If the price goes down in Germany, why would that affect the profit maximizing price in the United States? It wouldn’t. It will remain $25. It doesn’t matter what anyone else pays. The free market will set the price, and that’s that. Any deviation from the market-determined price means you LOSE money.
But since only one beast of burden is carrying the investment costs, that beast bears a higher weight overall.
No. I’m sorry, but that is impossible. A business cannot force a market to bear its investment costs. Investment costs are sunk costs, for God’s sake. They’re gone, history, a thing of the past. They have nothing to do with setting prices. Prices are determined by supply and demand.
And how can you keep on saying “only one beast of burden carries the investment costs?” Look, let me ask you a simple question and I want a straight damned answer: If the drug companies don’t make a profit outside the USA, why do they sell drugs outside the USA?
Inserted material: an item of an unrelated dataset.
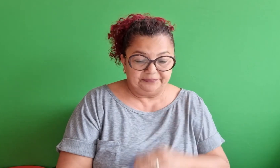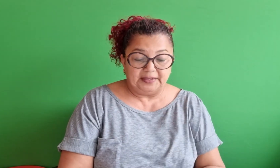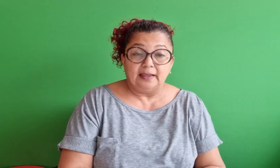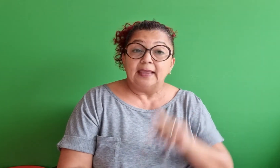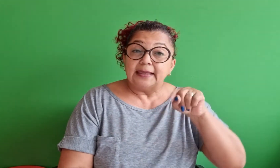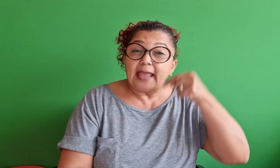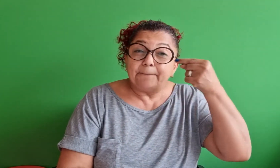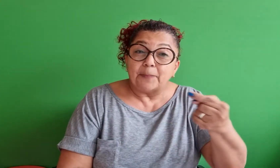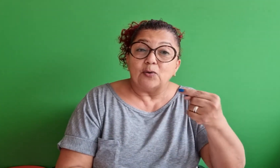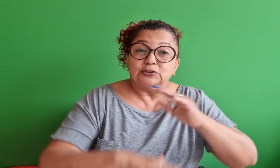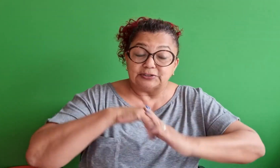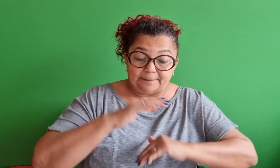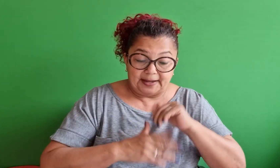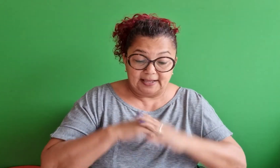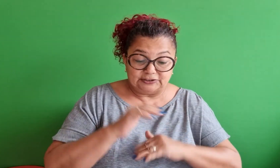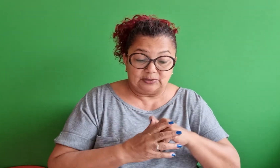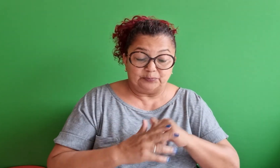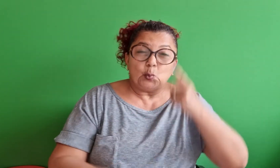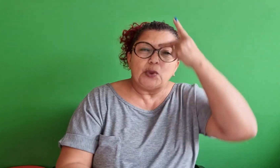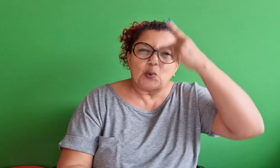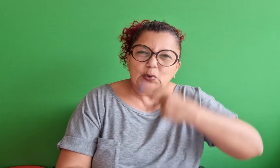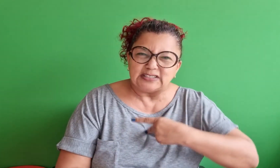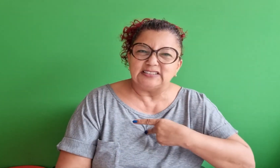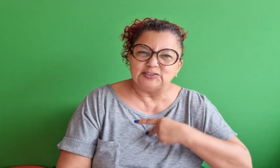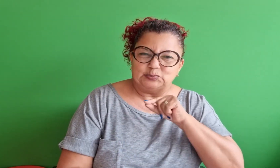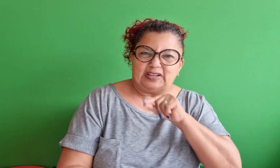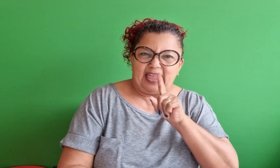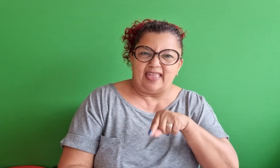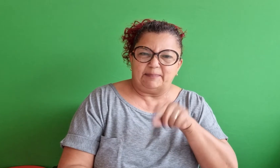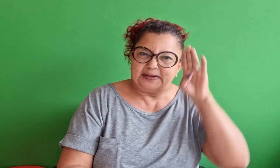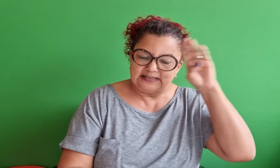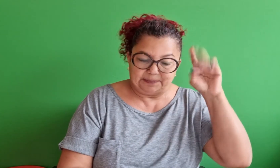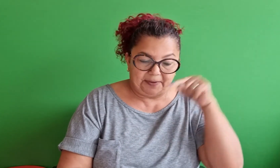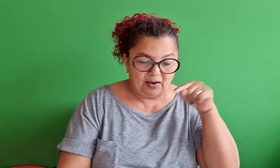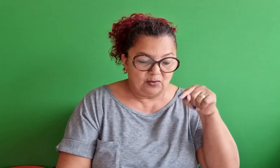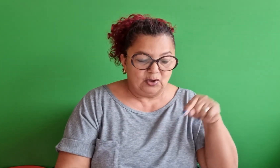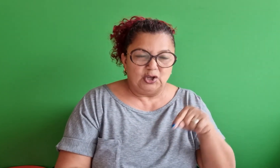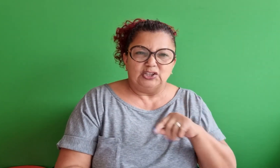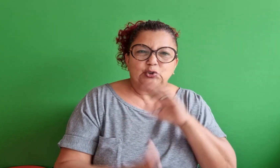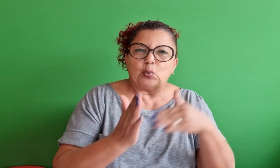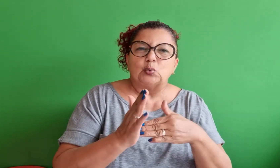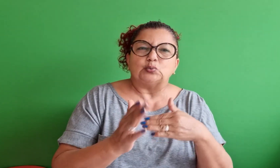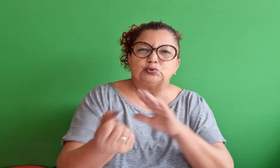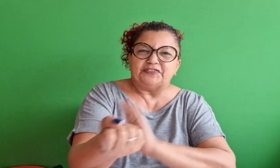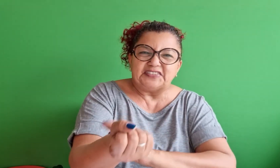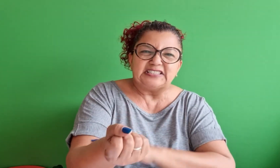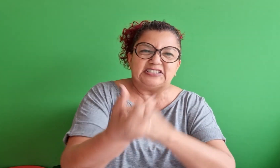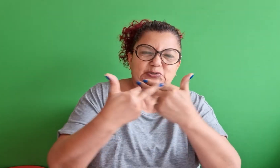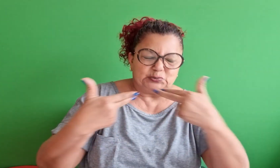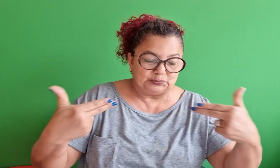Aristóteles nos coloca e após a prática o egoísmo é a fonte de

Look, Thing Fish’s example was really good and you just refused to read it, or something, so I’ll steal his example but try to make it closer to what we’re talking about.
The market price of a chocolate bar is about a dollar right now. That is the profit maximizing price. If you charge more than a dollar, your sales losses outstrip per unit profits. If you charge less, your per unit losses outstrip sales gains. It’s a buck a chocolate bar, let’s agree on that, okay? Now suppose that you run a chain of convenience stores and suddenly the State of New Jersey announces that you can only charge 70 cents for a chocolate bar because they’re insane or something.
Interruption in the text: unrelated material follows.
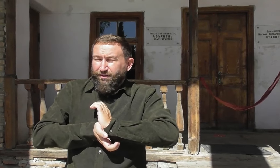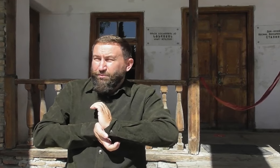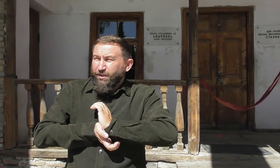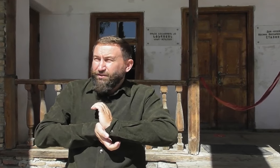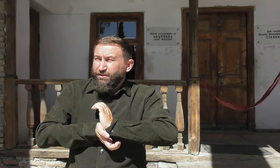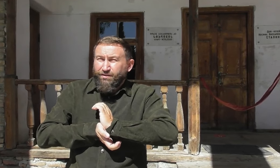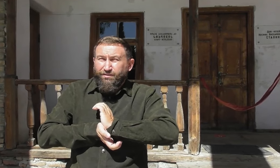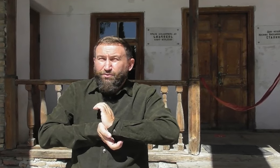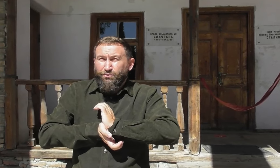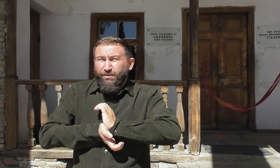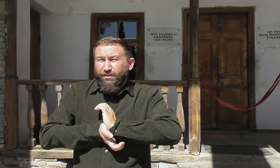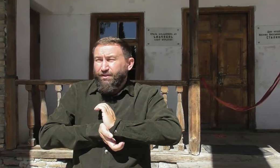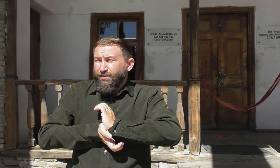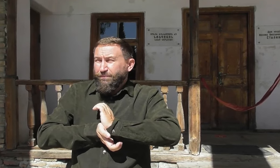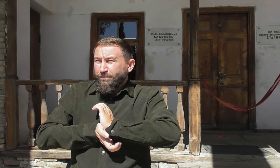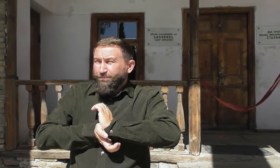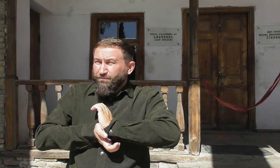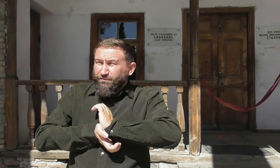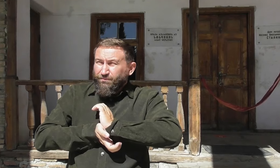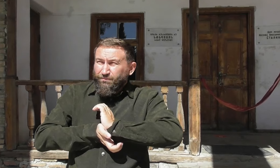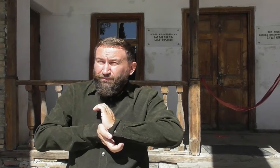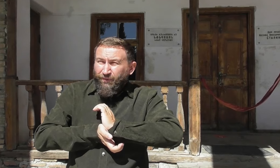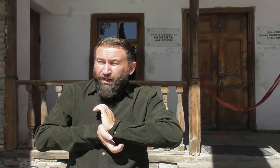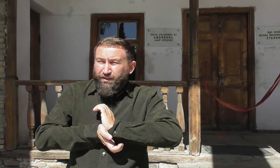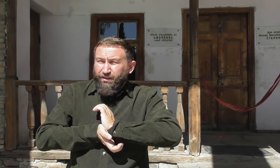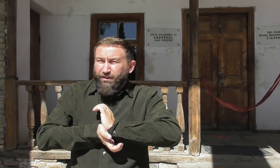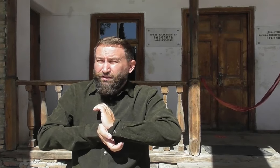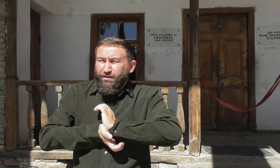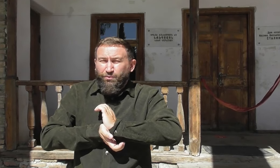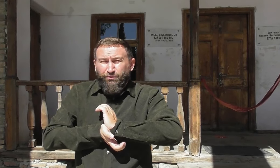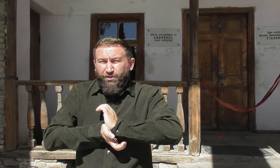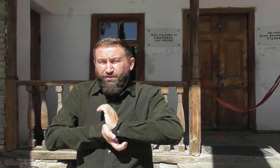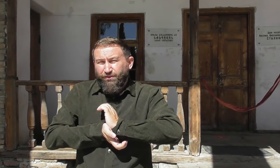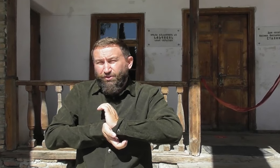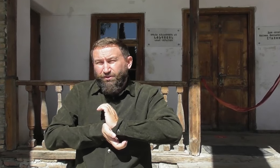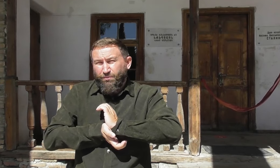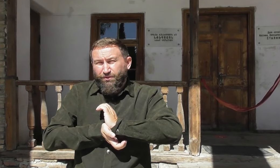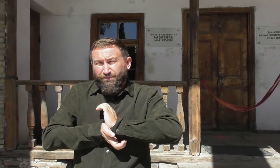это гимнастика, цигун и так далее. Они иногда работают через внешний мир.

What’s going to happen if you tell your customers in Texas, “We have to charge you $1.20 a chocolate bar to make up for New Jersey?”
I’ll tell you what’s going to happen: You’re going to lose money, because you’re a moron. The market warping effect of government intervention in New Jersey didn’t change the market price of a chocolate bar in Texas. The market clearing price is STILL going to be about a dollar. You can’t hammer the free market to make up for your bad luck. You’re fucked. Of course, you might not sell as many chocolate bars in New Jersey, because it’s not worth it to you. In fact, perhaps you will choose to sell no chocolate bars there at all if you find the cost of selling one is higher than the state-mandated price ceiling of 70 cents.
But the market price in Texas is a buck. You can’t change that just because you wish you could make that money back somehow.